• Task directions:
For the entries that follow, restate word for word the line containing "#1595 = CIRCLE('',#1596,6.25);", the line containing "#1628 = FACE_BOUND('',#1629,.T.);", and every line that lies between them.

• Records for this task:
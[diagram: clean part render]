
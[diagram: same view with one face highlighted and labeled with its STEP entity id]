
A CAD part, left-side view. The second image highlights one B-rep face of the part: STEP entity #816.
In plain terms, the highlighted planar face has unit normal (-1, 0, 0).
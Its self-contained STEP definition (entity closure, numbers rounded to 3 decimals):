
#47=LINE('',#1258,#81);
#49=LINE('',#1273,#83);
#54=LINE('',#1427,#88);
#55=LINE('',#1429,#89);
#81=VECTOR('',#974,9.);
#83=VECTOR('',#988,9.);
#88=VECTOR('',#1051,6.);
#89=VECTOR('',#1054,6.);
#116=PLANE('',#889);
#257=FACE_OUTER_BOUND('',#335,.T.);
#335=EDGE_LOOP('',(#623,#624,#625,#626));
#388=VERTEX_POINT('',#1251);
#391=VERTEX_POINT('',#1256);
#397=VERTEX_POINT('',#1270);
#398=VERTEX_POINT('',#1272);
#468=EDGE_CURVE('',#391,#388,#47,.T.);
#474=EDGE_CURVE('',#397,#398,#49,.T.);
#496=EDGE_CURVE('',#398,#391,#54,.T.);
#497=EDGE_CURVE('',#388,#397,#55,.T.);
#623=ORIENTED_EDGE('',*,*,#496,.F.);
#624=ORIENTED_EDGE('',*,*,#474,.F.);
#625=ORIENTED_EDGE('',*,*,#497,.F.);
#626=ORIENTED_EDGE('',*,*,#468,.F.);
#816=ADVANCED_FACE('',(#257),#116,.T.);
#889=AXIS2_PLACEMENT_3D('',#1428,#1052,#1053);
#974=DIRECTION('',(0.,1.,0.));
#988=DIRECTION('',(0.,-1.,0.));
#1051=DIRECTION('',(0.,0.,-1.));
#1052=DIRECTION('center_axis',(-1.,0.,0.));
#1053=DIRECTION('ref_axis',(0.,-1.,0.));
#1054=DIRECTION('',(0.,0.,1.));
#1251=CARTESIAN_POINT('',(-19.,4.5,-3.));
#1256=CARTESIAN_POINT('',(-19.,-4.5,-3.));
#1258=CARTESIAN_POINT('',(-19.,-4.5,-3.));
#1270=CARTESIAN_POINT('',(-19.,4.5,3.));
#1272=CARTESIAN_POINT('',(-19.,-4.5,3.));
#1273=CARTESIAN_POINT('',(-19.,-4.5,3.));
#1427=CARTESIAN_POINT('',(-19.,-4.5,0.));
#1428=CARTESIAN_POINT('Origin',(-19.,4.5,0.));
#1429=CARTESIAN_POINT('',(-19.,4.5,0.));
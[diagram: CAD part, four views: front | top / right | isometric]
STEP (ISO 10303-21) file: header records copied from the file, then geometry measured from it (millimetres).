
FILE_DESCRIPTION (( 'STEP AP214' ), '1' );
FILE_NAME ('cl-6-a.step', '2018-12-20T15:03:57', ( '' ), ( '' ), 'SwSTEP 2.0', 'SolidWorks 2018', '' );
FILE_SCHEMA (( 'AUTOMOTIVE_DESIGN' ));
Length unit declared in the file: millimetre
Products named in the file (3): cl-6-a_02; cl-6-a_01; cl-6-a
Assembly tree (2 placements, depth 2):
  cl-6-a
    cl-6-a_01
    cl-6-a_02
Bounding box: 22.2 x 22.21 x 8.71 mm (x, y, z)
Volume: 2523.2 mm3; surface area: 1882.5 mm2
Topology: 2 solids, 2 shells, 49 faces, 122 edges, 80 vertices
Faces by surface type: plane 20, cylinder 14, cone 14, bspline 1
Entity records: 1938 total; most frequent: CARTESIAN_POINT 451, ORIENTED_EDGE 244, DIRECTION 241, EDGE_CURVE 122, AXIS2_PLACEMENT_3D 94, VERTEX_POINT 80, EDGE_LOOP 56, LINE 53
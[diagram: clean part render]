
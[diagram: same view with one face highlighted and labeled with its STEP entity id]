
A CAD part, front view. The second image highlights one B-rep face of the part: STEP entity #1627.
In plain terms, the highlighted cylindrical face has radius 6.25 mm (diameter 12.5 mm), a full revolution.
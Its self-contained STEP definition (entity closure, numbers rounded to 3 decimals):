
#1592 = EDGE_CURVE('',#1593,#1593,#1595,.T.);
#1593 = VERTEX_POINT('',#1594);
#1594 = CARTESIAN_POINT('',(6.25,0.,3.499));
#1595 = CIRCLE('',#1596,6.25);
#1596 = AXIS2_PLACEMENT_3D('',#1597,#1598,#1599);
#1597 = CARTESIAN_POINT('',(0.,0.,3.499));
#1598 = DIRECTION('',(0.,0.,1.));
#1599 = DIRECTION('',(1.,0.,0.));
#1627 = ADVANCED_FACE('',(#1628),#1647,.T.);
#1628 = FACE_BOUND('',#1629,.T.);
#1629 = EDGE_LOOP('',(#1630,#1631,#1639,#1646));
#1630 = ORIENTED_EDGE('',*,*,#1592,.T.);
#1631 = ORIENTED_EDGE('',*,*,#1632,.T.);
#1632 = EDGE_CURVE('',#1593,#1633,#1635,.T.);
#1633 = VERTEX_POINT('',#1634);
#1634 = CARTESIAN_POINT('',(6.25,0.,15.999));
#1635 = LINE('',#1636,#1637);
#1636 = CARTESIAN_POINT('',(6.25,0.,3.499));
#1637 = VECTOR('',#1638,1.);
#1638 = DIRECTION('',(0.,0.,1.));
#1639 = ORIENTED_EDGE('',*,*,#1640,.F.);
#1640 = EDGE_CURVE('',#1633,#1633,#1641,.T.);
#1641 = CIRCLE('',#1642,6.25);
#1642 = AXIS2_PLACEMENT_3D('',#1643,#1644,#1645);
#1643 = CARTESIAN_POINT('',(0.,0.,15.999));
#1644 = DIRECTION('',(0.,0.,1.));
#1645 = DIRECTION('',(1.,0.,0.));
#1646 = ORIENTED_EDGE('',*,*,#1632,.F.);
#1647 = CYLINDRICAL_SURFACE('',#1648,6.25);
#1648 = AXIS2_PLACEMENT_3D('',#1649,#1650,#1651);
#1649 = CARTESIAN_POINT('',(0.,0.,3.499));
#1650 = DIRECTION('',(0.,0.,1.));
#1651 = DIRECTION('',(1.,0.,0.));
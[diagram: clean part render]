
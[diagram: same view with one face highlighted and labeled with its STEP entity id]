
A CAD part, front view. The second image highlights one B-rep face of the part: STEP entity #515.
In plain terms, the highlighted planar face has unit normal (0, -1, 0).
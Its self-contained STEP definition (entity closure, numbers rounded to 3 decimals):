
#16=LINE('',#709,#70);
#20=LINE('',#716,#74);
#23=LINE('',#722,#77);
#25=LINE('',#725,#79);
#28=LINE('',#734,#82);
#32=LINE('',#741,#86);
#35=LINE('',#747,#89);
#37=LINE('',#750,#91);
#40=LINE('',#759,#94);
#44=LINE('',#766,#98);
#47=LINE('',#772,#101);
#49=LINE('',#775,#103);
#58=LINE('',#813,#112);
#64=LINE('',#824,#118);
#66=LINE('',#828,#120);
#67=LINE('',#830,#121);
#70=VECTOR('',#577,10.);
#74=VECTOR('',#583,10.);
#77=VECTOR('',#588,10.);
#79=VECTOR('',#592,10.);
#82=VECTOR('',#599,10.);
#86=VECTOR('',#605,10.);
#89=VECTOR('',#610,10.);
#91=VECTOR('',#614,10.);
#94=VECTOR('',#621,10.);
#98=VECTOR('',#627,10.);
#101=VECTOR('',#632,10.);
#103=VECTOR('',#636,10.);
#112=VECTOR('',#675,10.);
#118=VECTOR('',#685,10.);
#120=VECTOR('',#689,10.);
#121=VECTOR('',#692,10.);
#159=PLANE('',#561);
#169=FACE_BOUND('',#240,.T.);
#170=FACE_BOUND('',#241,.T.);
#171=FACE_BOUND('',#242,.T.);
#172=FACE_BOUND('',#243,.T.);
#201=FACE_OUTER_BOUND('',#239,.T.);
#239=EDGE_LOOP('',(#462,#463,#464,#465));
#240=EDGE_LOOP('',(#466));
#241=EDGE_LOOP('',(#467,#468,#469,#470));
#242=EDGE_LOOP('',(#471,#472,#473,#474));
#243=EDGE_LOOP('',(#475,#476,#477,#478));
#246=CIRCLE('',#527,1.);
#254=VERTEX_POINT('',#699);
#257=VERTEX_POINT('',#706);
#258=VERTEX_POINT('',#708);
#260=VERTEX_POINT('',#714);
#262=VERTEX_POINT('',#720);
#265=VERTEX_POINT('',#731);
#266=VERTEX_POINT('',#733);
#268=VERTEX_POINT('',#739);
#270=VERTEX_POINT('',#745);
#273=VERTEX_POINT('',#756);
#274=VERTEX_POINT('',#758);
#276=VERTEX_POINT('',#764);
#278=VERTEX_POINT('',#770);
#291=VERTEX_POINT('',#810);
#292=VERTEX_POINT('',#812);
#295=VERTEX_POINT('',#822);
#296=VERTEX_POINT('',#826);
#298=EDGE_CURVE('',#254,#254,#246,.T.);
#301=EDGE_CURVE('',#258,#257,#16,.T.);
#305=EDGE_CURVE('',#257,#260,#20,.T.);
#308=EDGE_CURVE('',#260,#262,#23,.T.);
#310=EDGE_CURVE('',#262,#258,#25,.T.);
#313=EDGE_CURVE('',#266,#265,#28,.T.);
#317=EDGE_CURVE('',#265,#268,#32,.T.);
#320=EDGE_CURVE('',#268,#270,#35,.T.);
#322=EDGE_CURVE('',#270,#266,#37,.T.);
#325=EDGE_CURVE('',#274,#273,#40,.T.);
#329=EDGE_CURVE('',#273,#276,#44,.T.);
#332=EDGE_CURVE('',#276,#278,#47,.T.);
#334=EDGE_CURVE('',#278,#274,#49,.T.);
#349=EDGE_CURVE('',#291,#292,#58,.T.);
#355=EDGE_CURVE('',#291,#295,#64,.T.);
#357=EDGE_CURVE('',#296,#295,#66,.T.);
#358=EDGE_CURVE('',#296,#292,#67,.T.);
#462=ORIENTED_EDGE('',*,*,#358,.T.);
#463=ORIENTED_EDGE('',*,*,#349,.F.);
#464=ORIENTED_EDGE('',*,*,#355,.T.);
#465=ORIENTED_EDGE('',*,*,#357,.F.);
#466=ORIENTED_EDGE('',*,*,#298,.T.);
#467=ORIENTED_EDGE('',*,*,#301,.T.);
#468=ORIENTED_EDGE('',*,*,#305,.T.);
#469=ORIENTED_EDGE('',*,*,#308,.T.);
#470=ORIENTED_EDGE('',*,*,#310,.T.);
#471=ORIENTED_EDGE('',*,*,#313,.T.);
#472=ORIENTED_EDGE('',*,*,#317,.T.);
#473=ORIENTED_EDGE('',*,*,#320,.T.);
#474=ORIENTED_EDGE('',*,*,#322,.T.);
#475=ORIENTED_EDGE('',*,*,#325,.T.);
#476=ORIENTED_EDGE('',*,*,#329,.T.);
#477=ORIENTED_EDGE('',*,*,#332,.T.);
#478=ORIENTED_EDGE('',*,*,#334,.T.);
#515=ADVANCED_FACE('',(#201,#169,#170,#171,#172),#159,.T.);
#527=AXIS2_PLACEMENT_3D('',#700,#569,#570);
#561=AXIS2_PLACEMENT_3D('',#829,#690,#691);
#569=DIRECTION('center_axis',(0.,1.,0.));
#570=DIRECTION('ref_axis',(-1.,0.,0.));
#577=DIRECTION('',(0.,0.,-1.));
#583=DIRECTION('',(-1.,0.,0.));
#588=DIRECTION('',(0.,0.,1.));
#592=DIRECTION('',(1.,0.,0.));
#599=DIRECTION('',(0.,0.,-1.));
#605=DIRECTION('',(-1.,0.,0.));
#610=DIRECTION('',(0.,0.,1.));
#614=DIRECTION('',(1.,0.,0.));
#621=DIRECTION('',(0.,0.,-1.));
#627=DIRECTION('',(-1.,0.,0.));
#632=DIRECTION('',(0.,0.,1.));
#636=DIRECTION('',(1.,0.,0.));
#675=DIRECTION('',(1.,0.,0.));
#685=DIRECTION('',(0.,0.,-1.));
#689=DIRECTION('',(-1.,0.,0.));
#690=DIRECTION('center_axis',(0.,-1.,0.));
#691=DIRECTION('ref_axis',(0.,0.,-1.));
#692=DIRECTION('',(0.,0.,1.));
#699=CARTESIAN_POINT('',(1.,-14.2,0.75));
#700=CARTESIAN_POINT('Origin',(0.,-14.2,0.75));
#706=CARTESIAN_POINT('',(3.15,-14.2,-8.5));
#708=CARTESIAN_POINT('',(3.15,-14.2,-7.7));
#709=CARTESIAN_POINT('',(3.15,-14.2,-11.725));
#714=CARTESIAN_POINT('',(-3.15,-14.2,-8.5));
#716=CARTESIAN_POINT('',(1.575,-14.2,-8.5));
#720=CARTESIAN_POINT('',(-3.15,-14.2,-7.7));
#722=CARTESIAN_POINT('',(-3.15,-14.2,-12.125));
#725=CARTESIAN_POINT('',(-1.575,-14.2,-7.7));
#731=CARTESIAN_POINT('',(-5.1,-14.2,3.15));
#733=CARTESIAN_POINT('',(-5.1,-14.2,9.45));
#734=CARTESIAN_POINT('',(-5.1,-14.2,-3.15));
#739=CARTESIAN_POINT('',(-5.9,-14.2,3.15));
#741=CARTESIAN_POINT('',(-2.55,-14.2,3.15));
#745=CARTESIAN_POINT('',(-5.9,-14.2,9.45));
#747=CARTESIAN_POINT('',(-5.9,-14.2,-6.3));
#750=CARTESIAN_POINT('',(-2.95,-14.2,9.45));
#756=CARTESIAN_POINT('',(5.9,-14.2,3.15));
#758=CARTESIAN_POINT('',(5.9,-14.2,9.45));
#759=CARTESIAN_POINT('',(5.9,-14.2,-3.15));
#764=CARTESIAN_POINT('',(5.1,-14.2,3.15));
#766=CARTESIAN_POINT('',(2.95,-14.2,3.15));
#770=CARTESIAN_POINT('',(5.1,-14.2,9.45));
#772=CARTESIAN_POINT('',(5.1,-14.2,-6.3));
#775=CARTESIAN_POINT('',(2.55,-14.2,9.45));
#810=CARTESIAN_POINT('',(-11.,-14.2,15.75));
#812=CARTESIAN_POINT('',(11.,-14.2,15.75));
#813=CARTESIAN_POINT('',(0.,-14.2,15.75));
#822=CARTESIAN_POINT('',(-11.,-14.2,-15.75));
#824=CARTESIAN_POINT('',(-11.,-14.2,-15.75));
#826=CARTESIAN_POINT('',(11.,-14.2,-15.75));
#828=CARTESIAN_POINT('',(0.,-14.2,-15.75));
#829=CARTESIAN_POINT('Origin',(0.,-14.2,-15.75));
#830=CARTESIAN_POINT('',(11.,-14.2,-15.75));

• Answer to this problem:
#1595 = CIRCLE('',#1596,6.25);
#1596 = AXIS2_PLACEMENT_3D('',#1597,#1598,#1599);
#1597 = CARTESIAN_POINT('',(0.,0.,3.499));
#1598 = DIRECTION('',(0.,0.,1.));
#1599 = DIRECTION('',(1.,0.,0.));
#1627 = ADVANCED_FACE('',(#1628),#1647,.T.);
#1628 = FACE_BOUND('',#1629,.T.);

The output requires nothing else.